§ WHAT THIS TASK INVOLVES
Beginning with the line that has "Emit bounding boxes for: partly", reproduce each remaining line of the data exactly, down to and including the last.

Segment Start: RECORDS PROVIDED

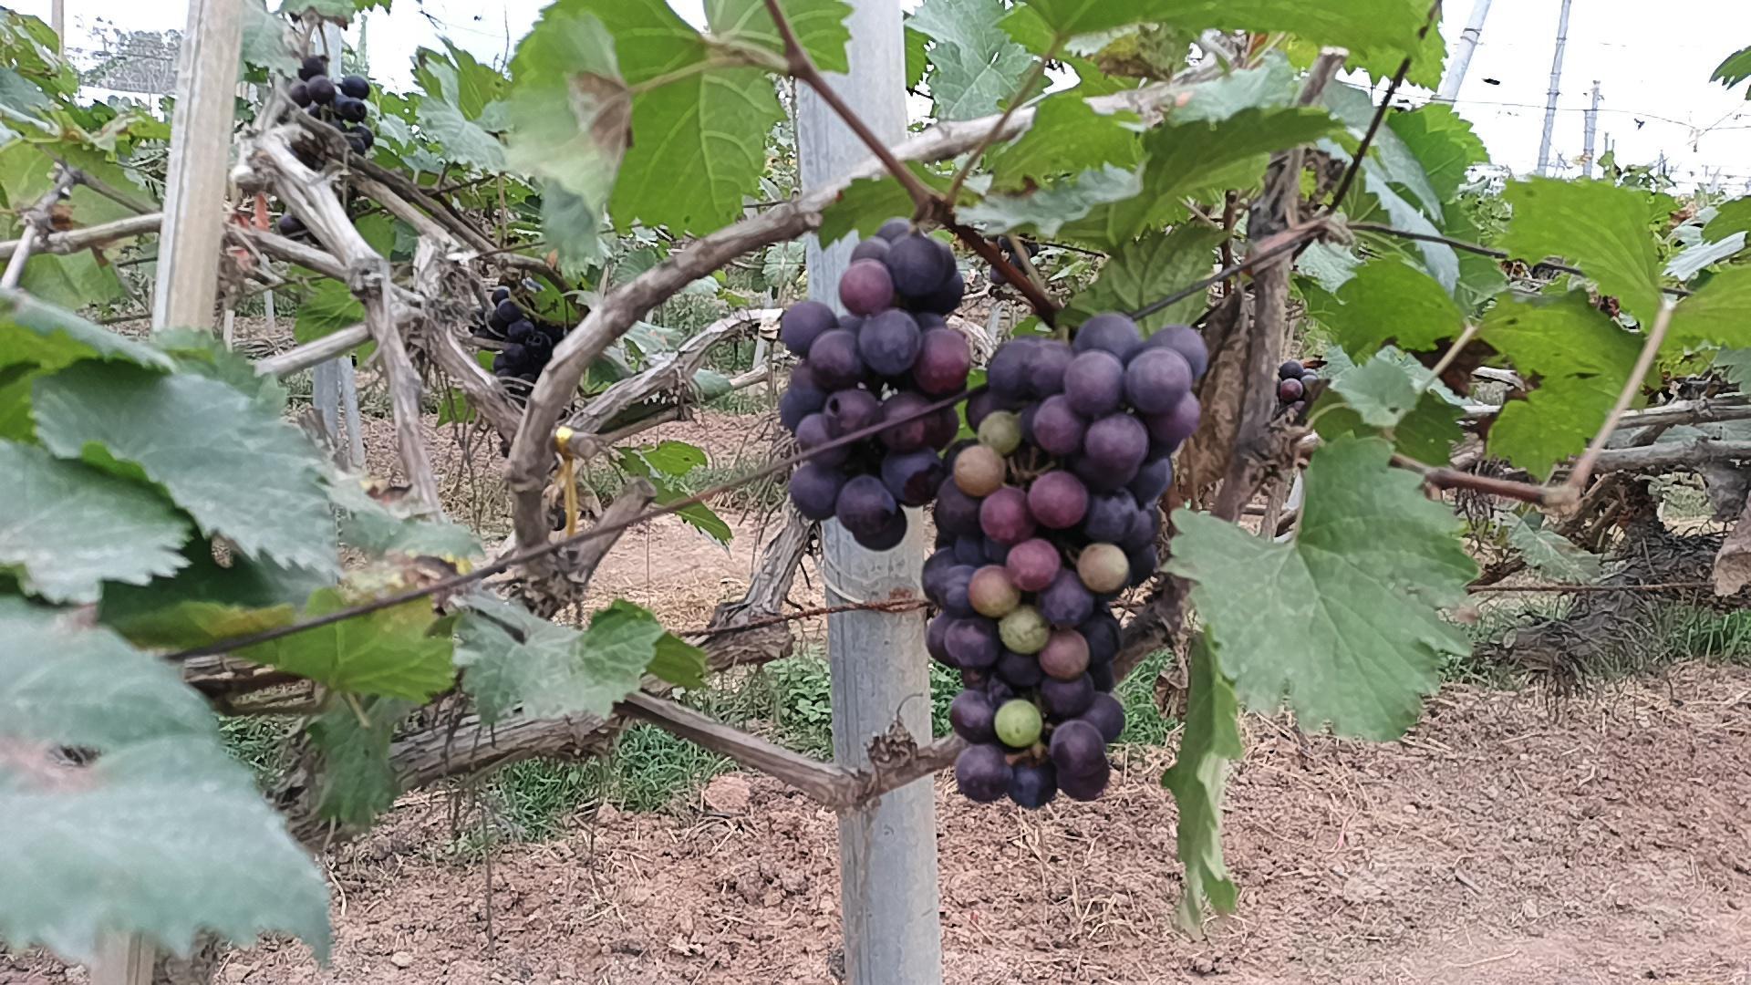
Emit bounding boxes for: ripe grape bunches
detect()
[469,285,566,398]
[781,219,969,551]
[288,55,375,155]
[275,216,305,237]
[1276,360,1326,424]
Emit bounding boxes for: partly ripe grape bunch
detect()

Segment End: RECORDS PROVIDED

§ RESPONSE AREA
Emit bounding boxes for: partly ripe grape bunch
detect()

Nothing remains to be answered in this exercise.